> **Data to use**:

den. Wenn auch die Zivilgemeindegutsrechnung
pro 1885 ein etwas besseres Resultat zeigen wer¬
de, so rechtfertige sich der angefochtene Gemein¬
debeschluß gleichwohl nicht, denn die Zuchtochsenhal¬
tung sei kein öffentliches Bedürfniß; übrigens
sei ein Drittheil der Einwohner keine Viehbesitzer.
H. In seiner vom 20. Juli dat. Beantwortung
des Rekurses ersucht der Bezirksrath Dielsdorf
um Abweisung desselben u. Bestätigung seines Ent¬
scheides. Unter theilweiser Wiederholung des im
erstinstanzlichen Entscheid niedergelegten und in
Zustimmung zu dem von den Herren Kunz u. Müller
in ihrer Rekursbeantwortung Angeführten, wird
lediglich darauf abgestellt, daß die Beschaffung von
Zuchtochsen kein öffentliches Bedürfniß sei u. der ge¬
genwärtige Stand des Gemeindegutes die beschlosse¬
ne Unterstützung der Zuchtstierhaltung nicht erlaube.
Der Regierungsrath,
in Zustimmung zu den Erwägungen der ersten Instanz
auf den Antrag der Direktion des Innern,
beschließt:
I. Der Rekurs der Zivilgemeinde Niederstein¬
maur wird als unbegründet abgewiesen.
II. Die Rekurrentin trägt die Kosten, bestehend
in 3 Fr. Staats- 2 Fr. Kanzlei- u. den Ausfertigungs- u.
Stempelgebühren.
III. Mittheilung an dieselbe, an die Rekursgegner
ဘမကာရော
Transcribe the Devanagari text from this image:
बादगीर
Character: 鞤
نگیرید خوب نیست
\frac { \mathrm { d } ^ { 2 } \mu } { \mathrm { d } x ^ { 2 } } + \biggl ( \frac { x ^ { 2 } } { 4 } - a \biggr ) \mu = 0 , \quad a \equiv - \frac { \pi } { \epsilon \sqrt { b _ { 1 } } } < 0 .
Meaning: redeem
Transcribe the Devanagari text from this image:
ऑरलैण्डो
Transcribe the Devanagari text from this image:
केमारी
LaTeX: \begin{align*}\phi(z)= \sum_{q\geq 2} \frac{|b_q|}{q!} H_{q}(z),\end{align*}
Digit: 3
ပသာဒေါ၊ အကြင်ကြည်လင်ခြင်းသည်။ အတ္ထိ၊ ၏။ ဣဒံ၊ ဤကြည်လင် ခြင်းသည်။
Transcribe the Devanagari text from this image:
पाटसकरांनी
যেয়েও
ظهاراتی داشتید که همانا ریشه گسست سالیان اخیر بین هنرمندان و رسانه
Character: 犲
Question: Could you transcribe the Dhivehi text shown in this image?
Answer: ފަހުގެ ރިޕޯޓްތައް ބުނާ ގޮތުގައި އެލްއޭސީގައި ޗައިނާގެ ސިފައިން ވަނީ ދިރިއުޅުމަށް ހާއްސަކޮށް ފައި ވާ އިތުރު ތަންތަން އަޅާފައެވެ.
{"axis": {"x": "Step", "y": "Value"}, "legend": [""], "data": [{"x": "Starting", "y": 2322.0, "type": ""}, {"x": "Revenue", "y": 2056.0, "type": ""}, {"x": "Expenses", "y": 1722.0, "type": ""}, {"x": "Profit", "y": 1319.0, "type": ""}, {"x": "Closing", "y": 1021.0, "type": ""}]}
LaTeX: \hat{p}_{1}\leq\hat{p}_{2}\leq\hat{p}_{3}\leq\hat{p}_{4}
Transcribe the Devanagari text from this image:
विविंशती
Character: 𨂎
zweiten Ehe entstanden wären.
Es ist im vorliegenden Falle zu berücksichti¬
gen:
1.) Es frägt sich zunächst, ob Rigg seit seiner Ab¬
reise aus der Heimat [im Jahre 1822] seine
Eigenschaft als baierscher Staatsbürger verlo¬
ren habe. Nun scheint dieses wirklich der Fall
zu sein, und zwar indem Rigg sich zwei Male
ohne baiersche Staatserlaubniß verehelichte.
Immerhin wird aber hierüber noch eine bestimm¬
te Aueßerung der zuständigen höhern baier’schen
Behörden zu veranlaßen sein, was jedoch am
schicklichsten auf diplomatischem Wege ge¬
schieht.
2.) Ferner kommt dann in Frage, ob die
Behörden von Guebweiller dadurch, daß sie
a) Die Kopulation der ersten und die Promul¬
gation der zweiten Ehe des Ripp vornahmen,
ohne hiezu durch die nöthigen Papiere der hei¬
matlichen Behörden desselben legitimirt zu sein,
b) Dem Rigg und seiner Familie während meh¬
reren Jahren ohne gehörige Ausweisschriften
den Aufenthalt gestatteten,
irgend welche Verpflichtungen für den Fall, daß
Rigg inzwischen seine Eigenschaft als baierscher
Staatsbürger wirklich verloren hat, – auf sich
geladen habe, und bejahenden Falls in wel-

> **Task instructions**: Give the listing again in its entirety, exactly as written.

> **Solution to this exercise**:
den. Wenn auch die Zivilgemeindegutsrechnung
pro 1885 ein etwas besseres Resultat zeigen wer¬
de, so rechtfertige sich der angefochtene Gemein¬
debeschluß gleichwohl nicht, denn die Zuchtochsenhal¬
tung sei kein öffentliches Bedürfniß; übrigens
sei ein Drittheil der Einwohner keine Viehbesitzer.
H. In seiner vom 20. Juli dat. Beantwortung
des Rekurses ersucht der Bezirksrath Dielsdorf
um Abweisung desselben u. Bestätigung seines Ent¬
scheides. Unter theilweiser Wiederholung des im
erstinstanzlichen Entscheid niedergelegten und in
Zustimmung zu dem von den Herren Kunz u. Müller
in ihrer Rekursbeantwortung Angeführten, wird
lediglich darauf abgestellt, daß die Beschaffung von
Zuchtochsen kein öffentliches Bedürfniß sei u. der ge¬
genwärtige Stand des Gemeindegutes die beschlosse¬
ne Unterstützung der Zuchtstierhaltung nicht erlaube.
Der Regierungsrath,
in Zustimmung zu den Erwägungen der ersten Instanz
auf den Antrag der Direktion des Innern,
beschließt:
I. Der Rekurs der Zivilgemeinde Niederstein¬
maur wird als unbegründet abgewiesen.
II. Die Rekurrentin trägt die Kosten, bestehend
in 3 Fr. Staats- 2 Fr. Kanzlei- u. den Ausfertigungs- u.
Stempelgebühren.
III. Mittheilung an dieselbe, an die Rekursgegner
ဘမကာရော
Transcribe the Devanagari text from this image:
बादगीर
Character: 鞤
نگیرید خوب نیست
\frac { \mathrm { d } ^ { 2 } \mu } { \mathrm { d } x ^ { 2 } } + \biggl ( \frac { x ^ { 2 } } { 4 } - a \biggr ) \mu = 0 , \quad a \equiv - \frac { \pi } { \epsilon \sqrt { b _ { 1 } } } < 0 .
Meaning: redeem
Transcribe the Devanagari text from this image:
ऑरलैण्डो
Transcribe the Devanagari text from this image:
केमारी
LaTeX: \begin{align*}\phi(z)= \sum_{q\geq 2} \frac{|b_q|}{q!} H_{q}(z),\end{align*}
Digit: 3
ပသာဒေါ၊ အကြင်ကြည်လင်ခြင်းသည်။ အတ္ထိ၊ ၏။ ဣဒံ၊ ဤကြည်လင် ခြင်းသည်။
Transcribe the Devanagari text from this image:
पाटसकरांनी
যেয়েও
ظهاراتی داشتید که همانا ریشه گسست سالیان اخیر بین هنرمندان و رسانه
Character: 犲
Question: Could you transcribe the Dhivehi text shown in this image?
Answer: ފަހުގެ ރިޕޯޓްތައް ބުނާ ގޮތުގައި އެލްއޭސީގައި ޗައިނާގެ ސިފައިން ވަނީ ދިރިއުޅުމަށް ހާއްސަކޮށް ފައި ވާ އިތުރު ތަންތަން އަޅާފައެވެ.
{"axis": {"x": "Step", "y": "Value"}, "legend": [""], "data": [{"x": "Starting", "y": 2322.0, "type": ""}, {"x": "Revenue", "y": 2056.0, "type": ""}, {"x": "Expenses", "y": 1722.0, "type": ""}, {"x": "Profit", "y": 1319.0, "type": ""}, {"x": "Closing", "y": 1021.0, "type": ""}]}
LaTeX: \hat{p}_{1}\leq\hat{p}_{2}\leq\hat{p}_{3}\leq\hat{p}_{4}
Transcribe the Devanagari text from this image:
विविंशती
Character: 𨂎
zweiten Ehe entstanden wären.
Es ist im vorliegenden Falle zu berücksichti¬
gen:
1.) Es frägt sich zunächst, ob Rigg seit seiner Ab¬
reise aus der Heimat [im Jahre 1822] seine
Eigenschaft als baierscher Staatsbürger verlo¬
ren habe. Nun scheint dieses wirklich der Fall
zu sein, und zwar indem Rigg sich zwei Male
ohne baiersche Staatserlaubniß verehelichte.
Immerhin wird aber hierüber noch eine bestimm¬
te Aueßerung der zuständigen höhern baier’schen
Behörden zu veranlaßen sein, was jedoch am
schicklichsten auf diplomatischem Wege ge¬
schieht.
2.) Ferner kommt dann in Frage, ob die
Behörden von Guebweiller dadurch, daß sie
a) Die Kopulation der ersten und die Promul¬
gation der zweiten Ehe des Ripp vornahmen,
ohne hiezu durch die nöthigen Papiere der hei¬
matlichen Behörden desselben legitimirt zu sein,
b) Dem Rigg und seiner Familie während meh¬
reren Jahren ohne gehörige Ausweisschriften
den Aufenthalt gestatteten,
irgend welche Verpflichtungen für den Fall, daß
Rigg inzwischen seine Eigenschaft als baierscher
Staatsbürger wirklich verloren hat, – auf sich
geladen habe, und bejahenden Falls in wel-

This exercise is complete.